I wish you could use this:

But you might find some useful flux queries in there that could help you narrow in on whats happening, because no that’s not normal.

For example the cardinality() function.

Otherwise I might create an issue on gh. There could also be a corruption issue in any of the TSM files, which could cause the compaction process to fail.
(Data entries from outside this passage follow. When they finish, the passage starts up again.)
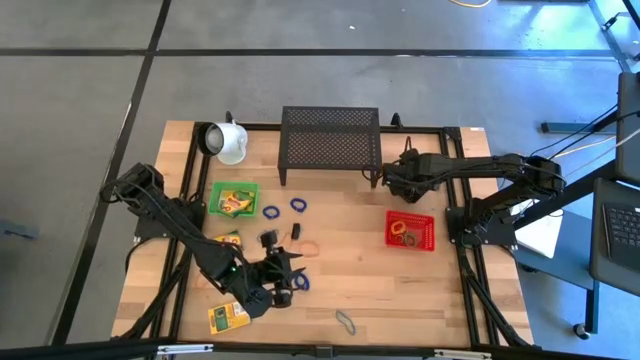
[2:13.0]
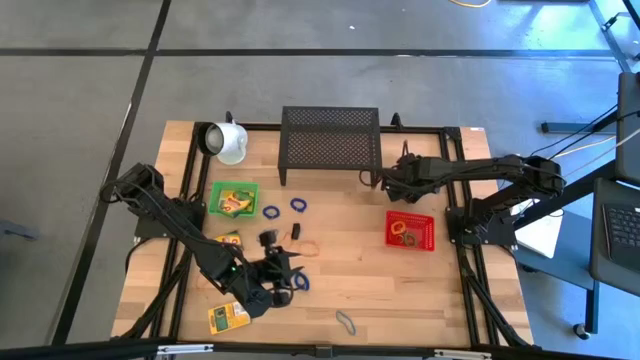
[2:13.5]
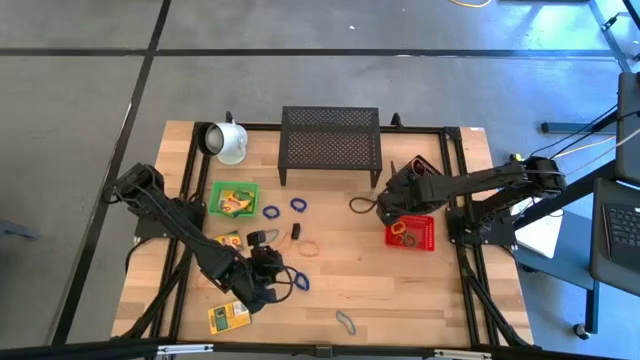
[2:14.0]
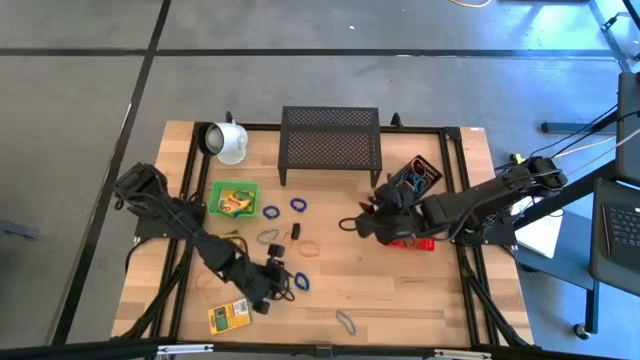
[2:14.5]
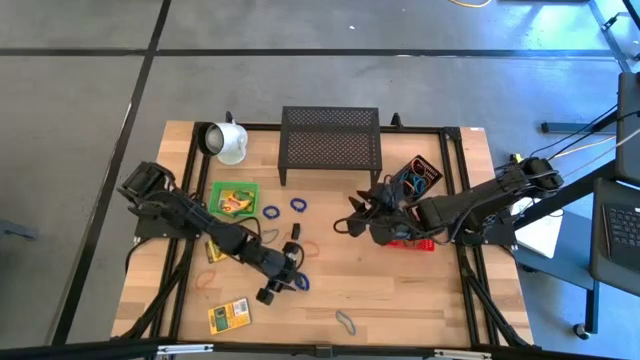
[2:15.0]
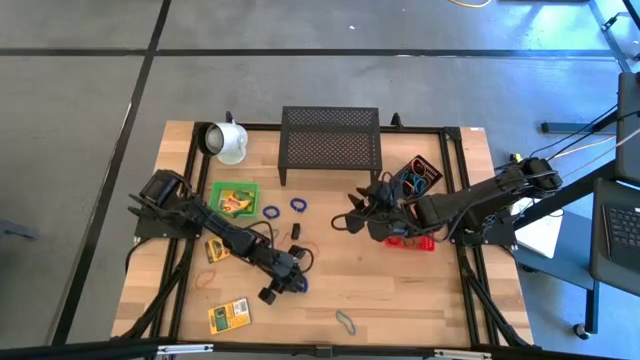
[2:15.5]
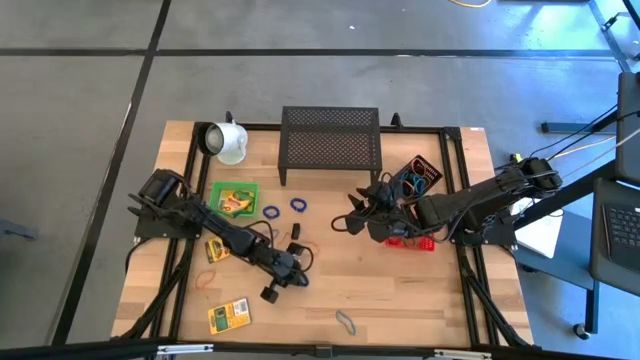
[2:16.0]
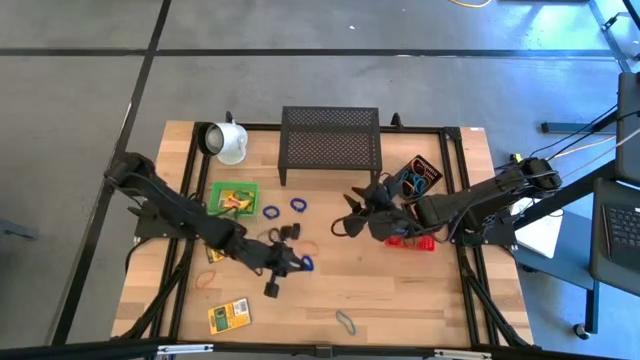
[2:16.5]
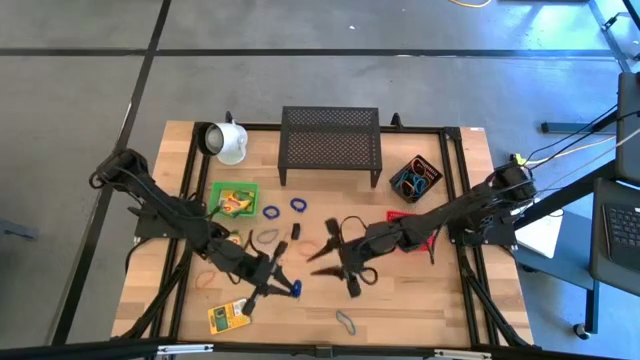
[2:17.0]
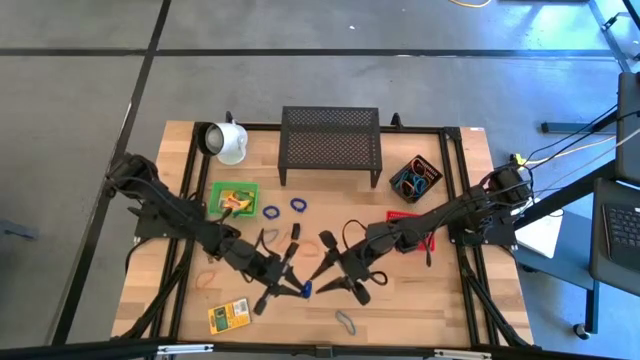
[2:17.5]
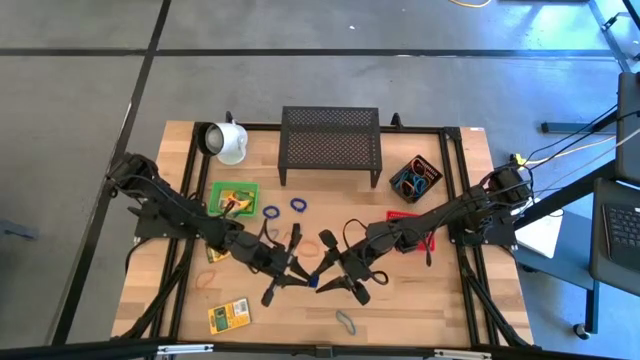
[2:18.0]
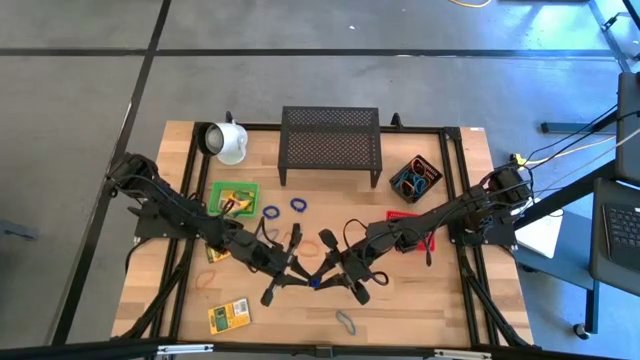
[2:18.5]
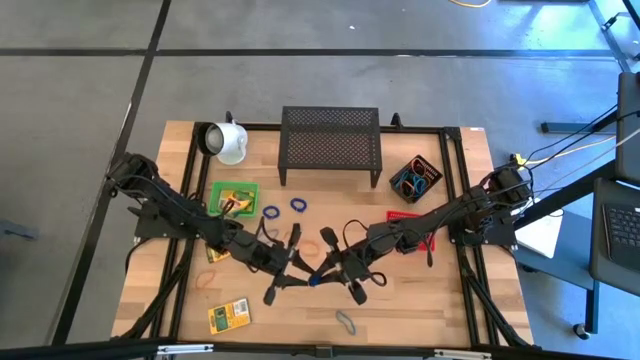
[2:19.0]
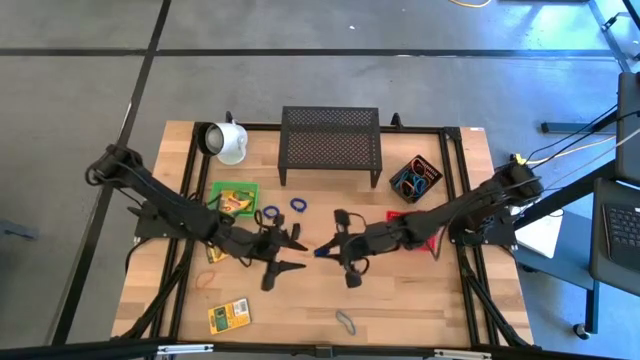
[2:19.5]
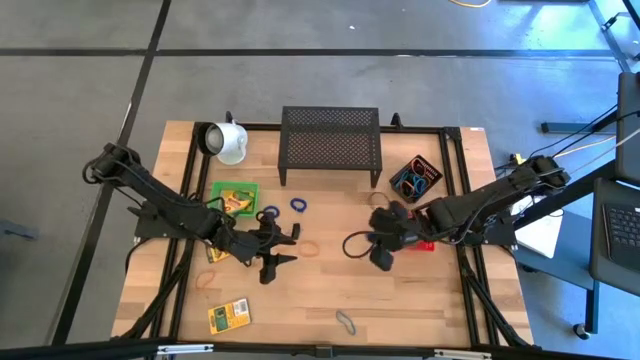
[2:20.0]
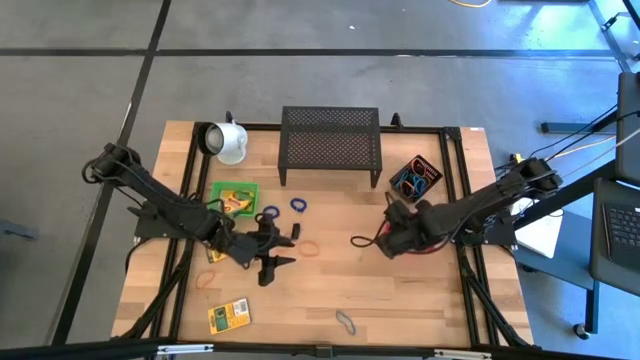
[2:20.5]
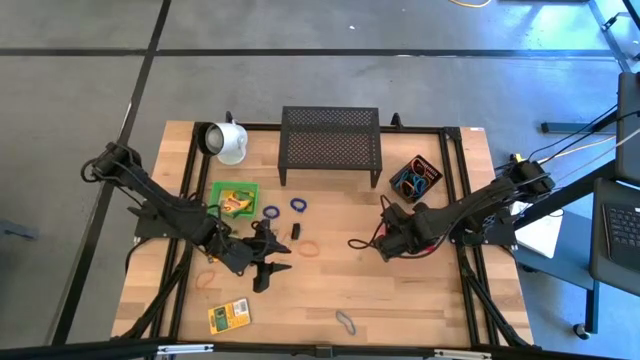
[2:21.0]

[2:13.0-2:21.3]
Task: Pick & Place Office Desk Supplies
Put the blue spring keychain into the orange bin

You may need to manually delete any corrupted TSM files, but this should be done cautiously. Before proceeding, ensure you have a backup of your data.Run influxd inspect to check the health of your TSM files and see if there are any specific issues that need to be addressed. You might also wanna check your InfluxDB config. Check settings related to compaction such as compact-full-write-cold-duration.
Configure InfluxDB OSS | InfluxDB OSS v1 Documentation.

Hello @Anaisdg , thank you for your reply.

before I start reading, I’d like to answer your question.

Yes, I’ve assigned tags to fields that didn’t previously have tags. In fact, in the tags of the field I find the two possible tags defined and a third, empty, corresponding to all the previous untagged values.

Yesterday, I cleaned things up manually using the API.
I started by cleaning up a few of the values I didn’t need, and after a restart, nothing new.

But then I remembered that one field in particular was a problem.
With this field, when I selected a large range (like “this year”) I got a response like “reference pointer” but I didn’t save this error message.
Whereas the behavior of a query when selecting a range older than the first value is not the same. No error message usually appears.

So I deleted the oldest values between the beginning of the year and June. After a restart, things seemed to be going a bit better.
The machine is at 50% disk usage and the database occupies 3.3GB.

This seemed to be the problem, but I don’t understand why the last compaction maintenance was carried out on July 29, when this “corrupted” data has existed for longer.

Last night, no compaction errors seem to have occurred.